→ What is expected
All of the lines below are to be transcribed faithfully, with pictures excluded from the copy.

Records from a dataset:
---

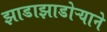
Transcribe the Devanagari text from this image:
झाडाझाडोऱ्याने
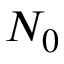
N _ { 0 }
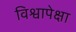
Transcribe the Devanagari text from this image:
विश्वापेक्षा
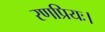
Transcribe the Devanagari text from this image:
रणप्रियः।

---

→ Answer box
Transcribe the Devanagari text from this image:
झाडाझाडोऱ्याने
N _ { 0 }
Transcribe the Devanagari text from this image:
विश्वापेक्षा
Transcribe the Devanagari text from this image:
रणप्रियः।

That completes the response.